Wednesday, 7 December 2016

Derivative of cross entropy loss with softmax

Derivative of the softmax function

I've dedicated a separate post for the derivation of the derivative of the cross entropy loss function with softmax as the activation function in the output layer, which I'll reference in the future. It's nothing groundbreaking but sometimes it's nice to work through some of the results which are often quoted without derivation. 

The softmax function

The softmax function is often used as the activation function for neurons in the output layer of an ANN. We borrow the notation from a previous blog post, where $\hat{y}$ is the output of a particular neuron in the output layer and $$z_o = \sum_{j \in input(o)} z_j w_{j \rightarrow o}$$ i.e. we sum over all paths $j$ which are an input into our output neuron $o$.
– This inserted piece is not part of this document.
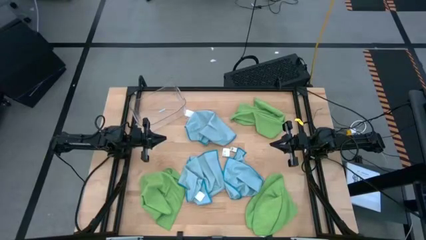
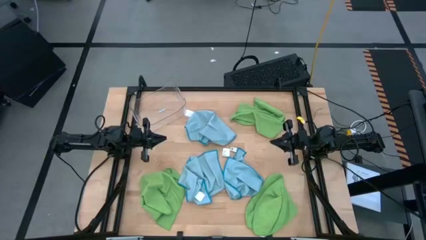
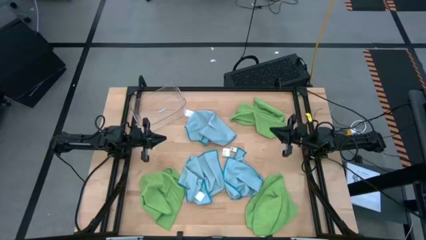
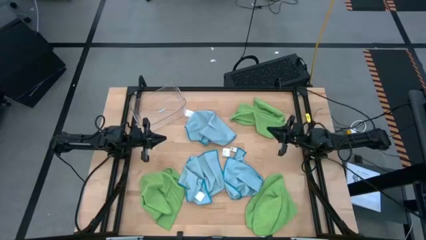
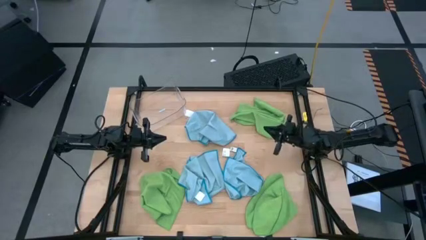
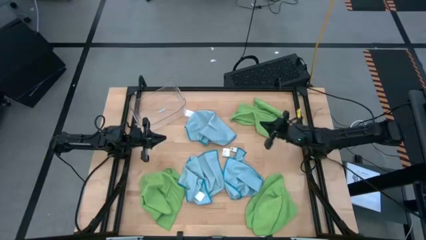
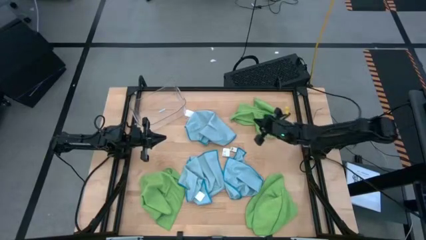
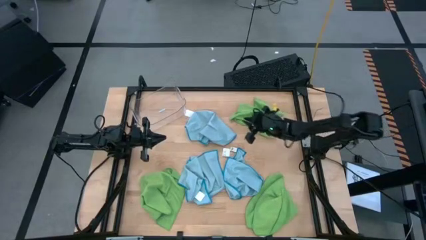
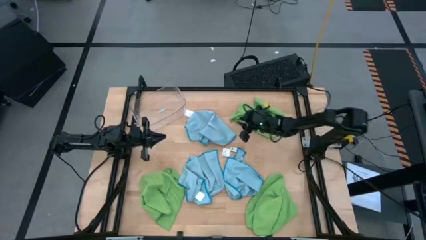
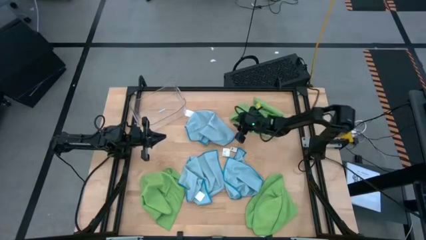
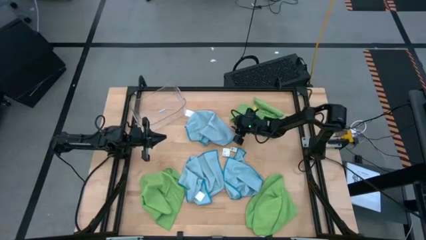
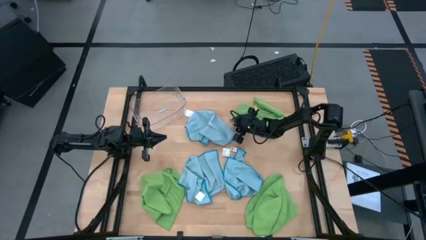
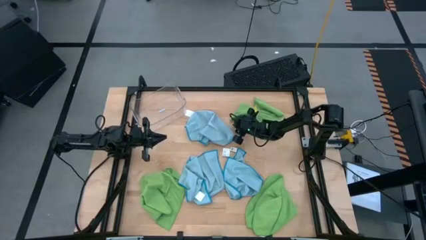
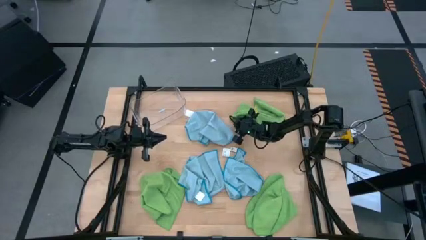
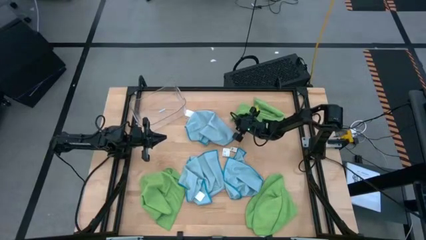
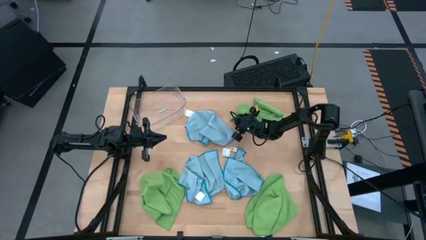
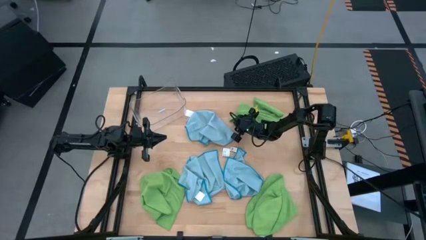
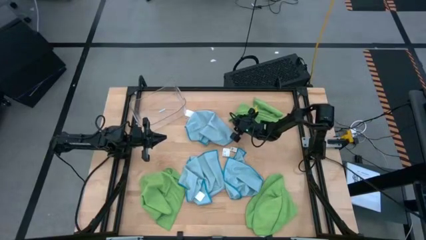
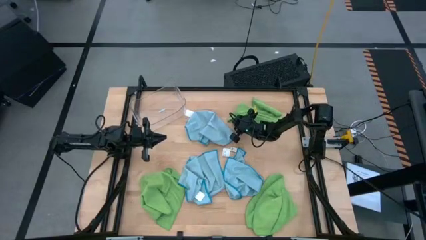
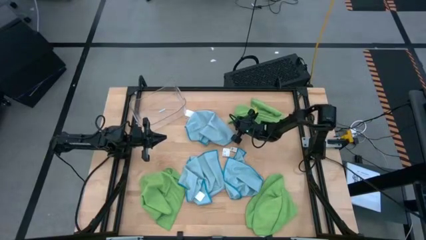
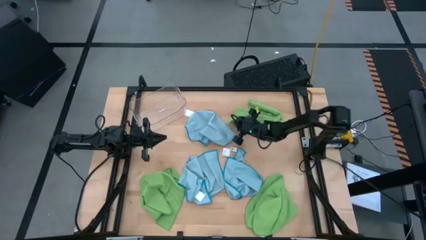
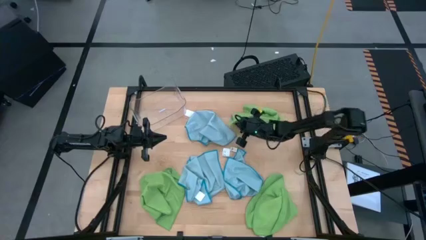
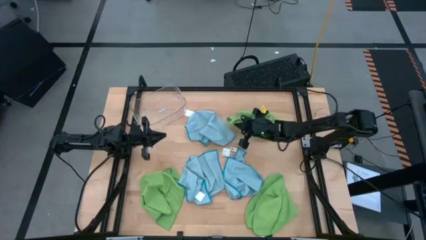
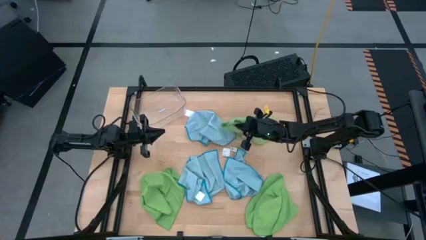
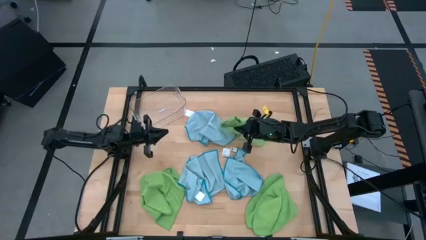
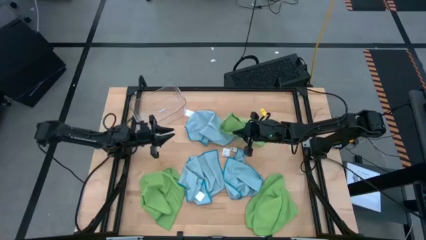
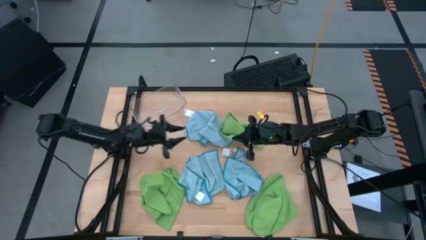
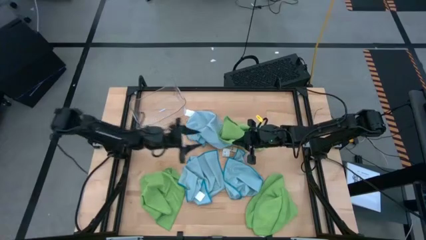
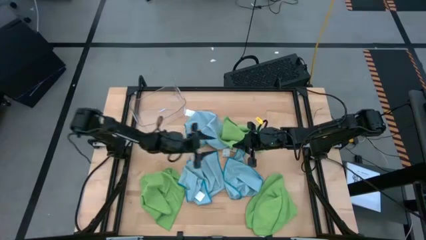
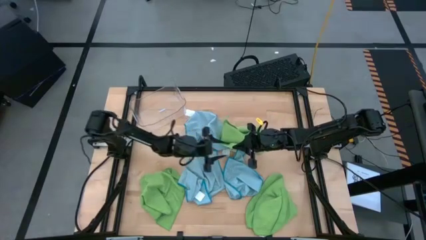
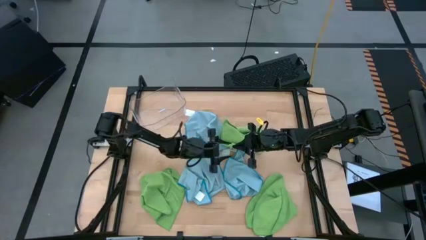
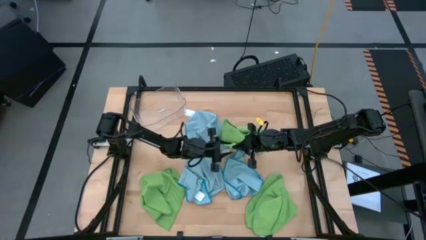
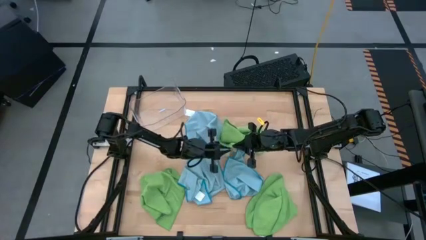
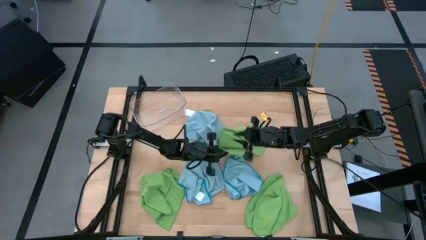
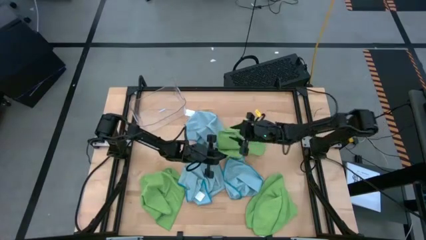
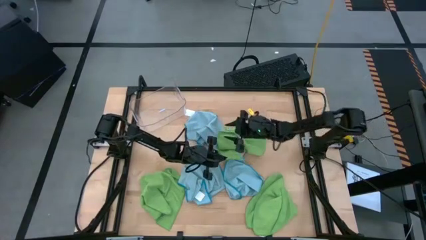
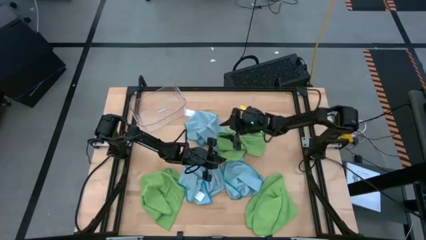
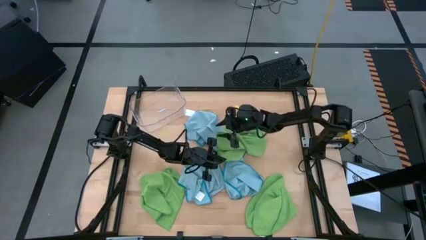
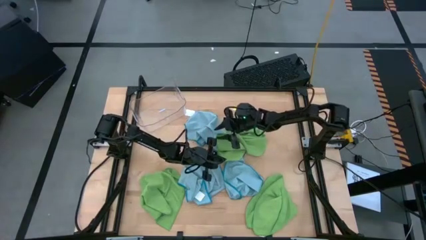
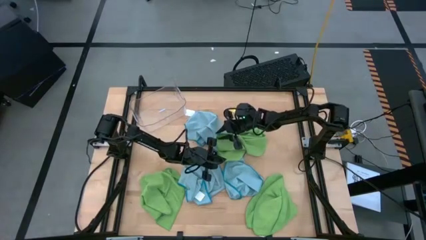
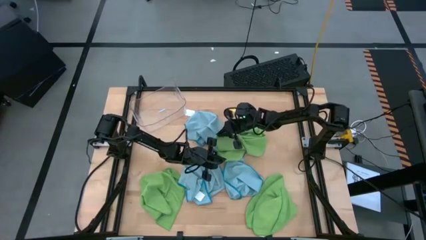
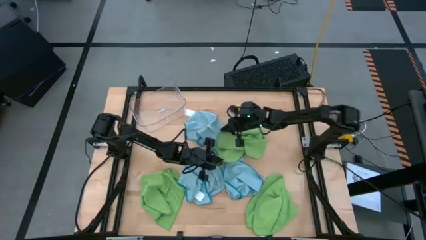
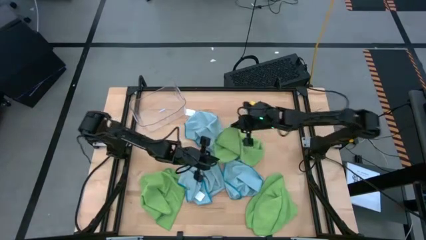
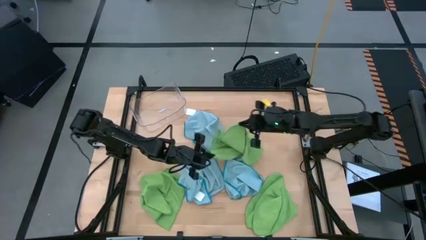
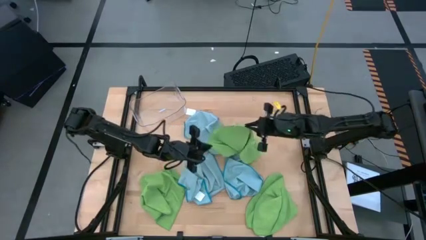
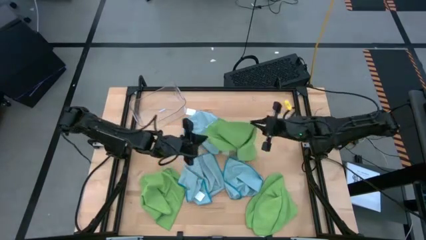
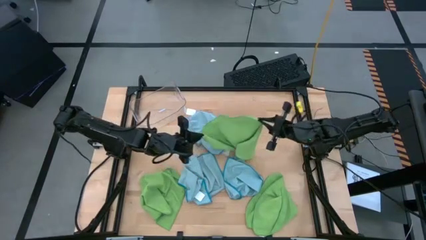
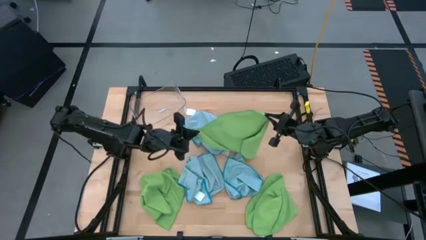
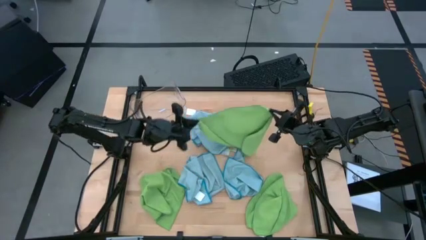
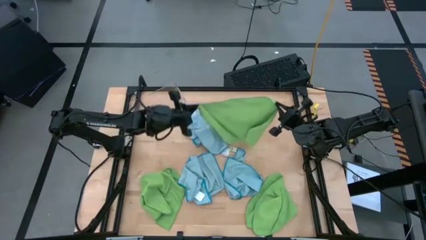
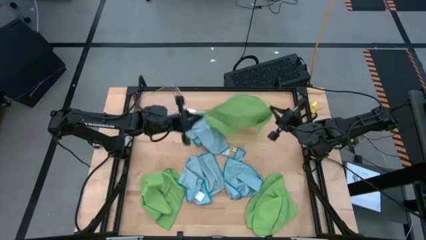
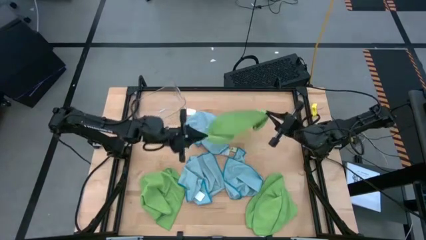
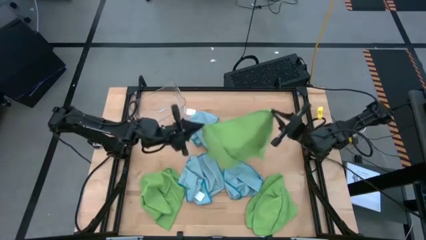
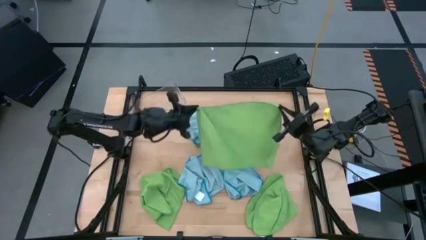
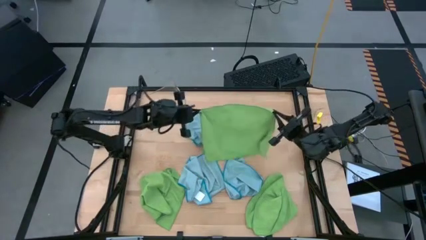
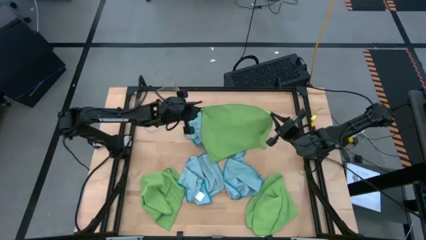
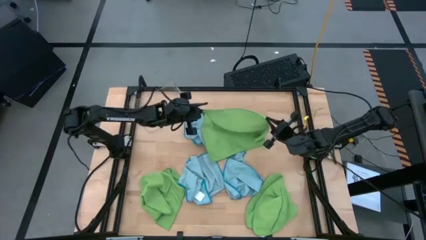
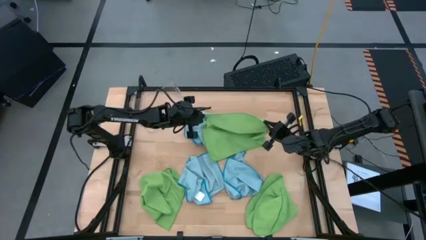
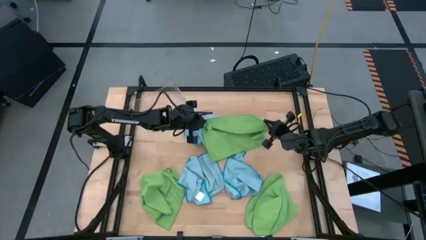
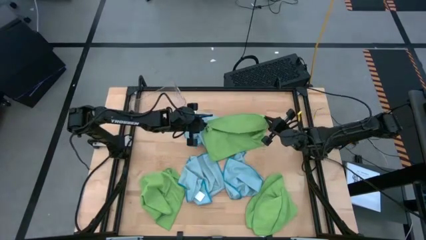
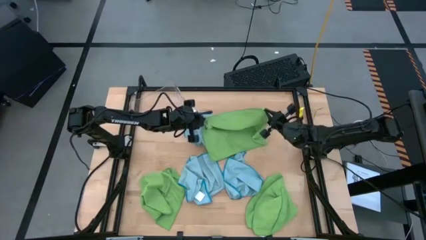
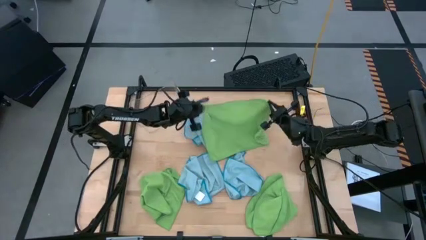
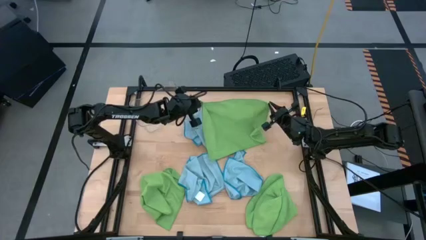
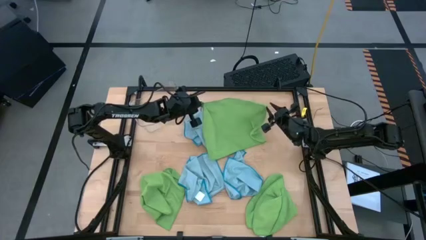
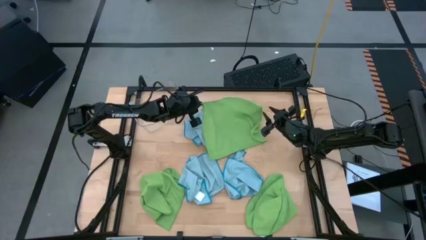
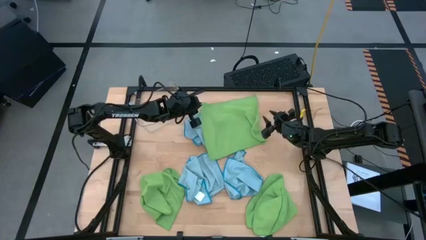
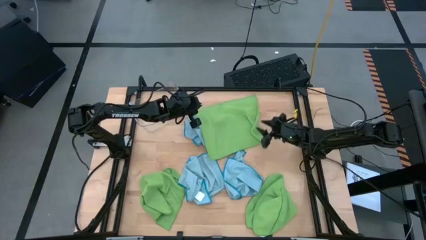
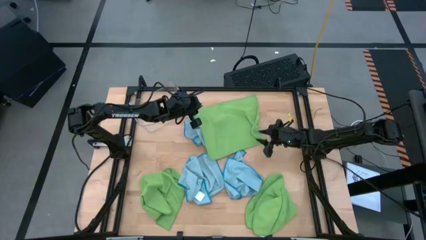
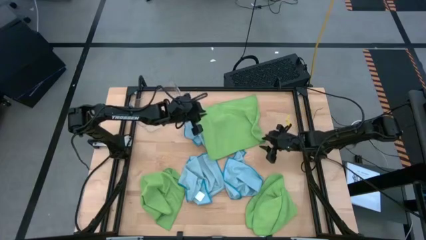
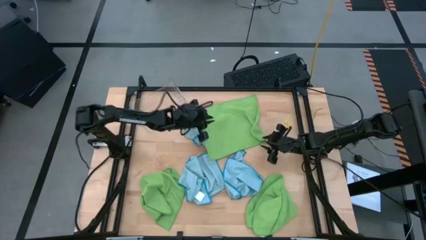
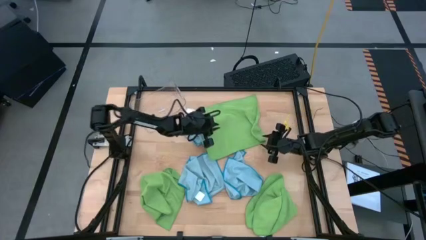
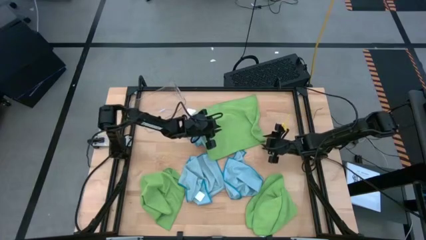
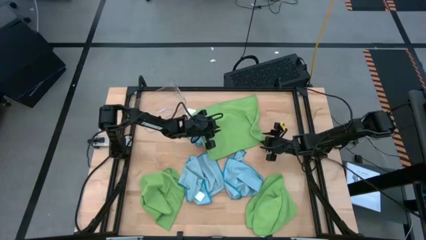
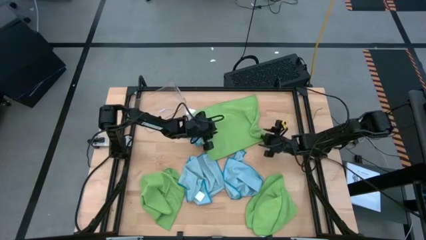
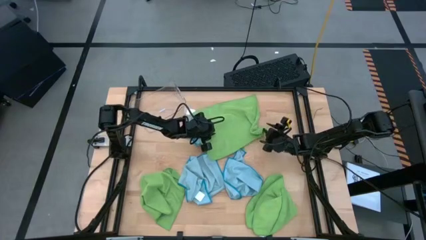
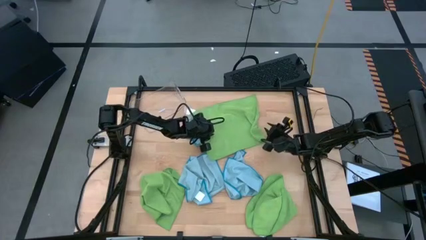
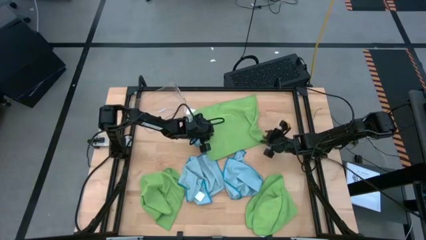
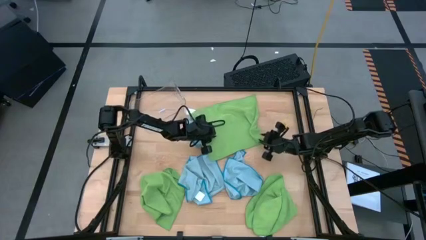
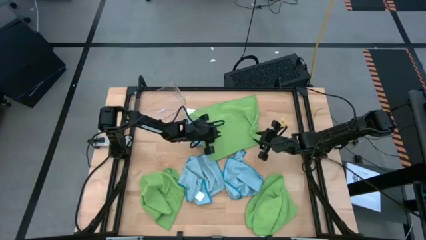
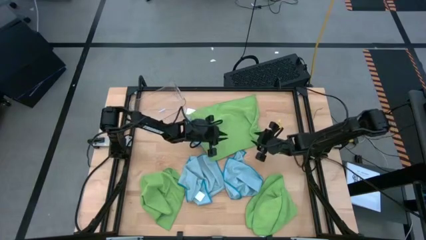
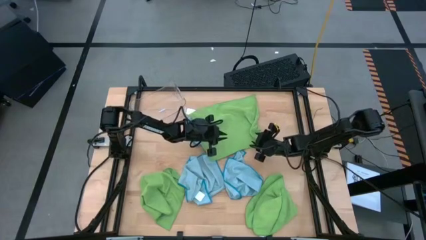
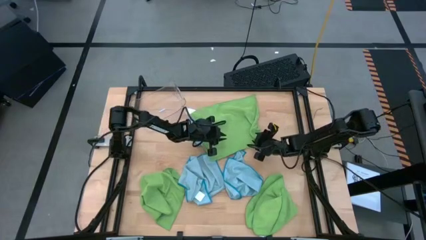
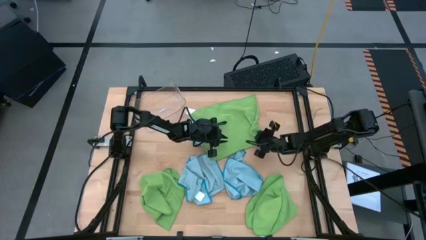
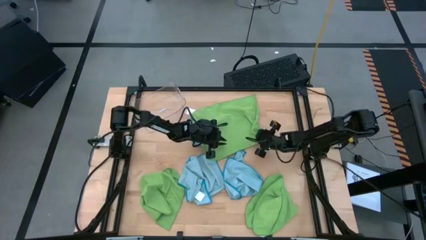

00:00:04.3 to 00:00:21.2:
Task: Fold microfiber towels
Fold the top right green microfiber cloth

It is defined as the following:
$$ \hat{y}_o = \frac{e^{z_o}}{\sum_k e^{z_k}}$$ where the sum is over the $k$ output neurons in the network. The softmax essentially takes an input $z_o \in \mathbb{R}$ and maps it to the interval $(0,1)$ such that the sum of all outputs is 1 - it gives us a probability distribution over our $k$ outputs (i.e. $k$ different classifications). 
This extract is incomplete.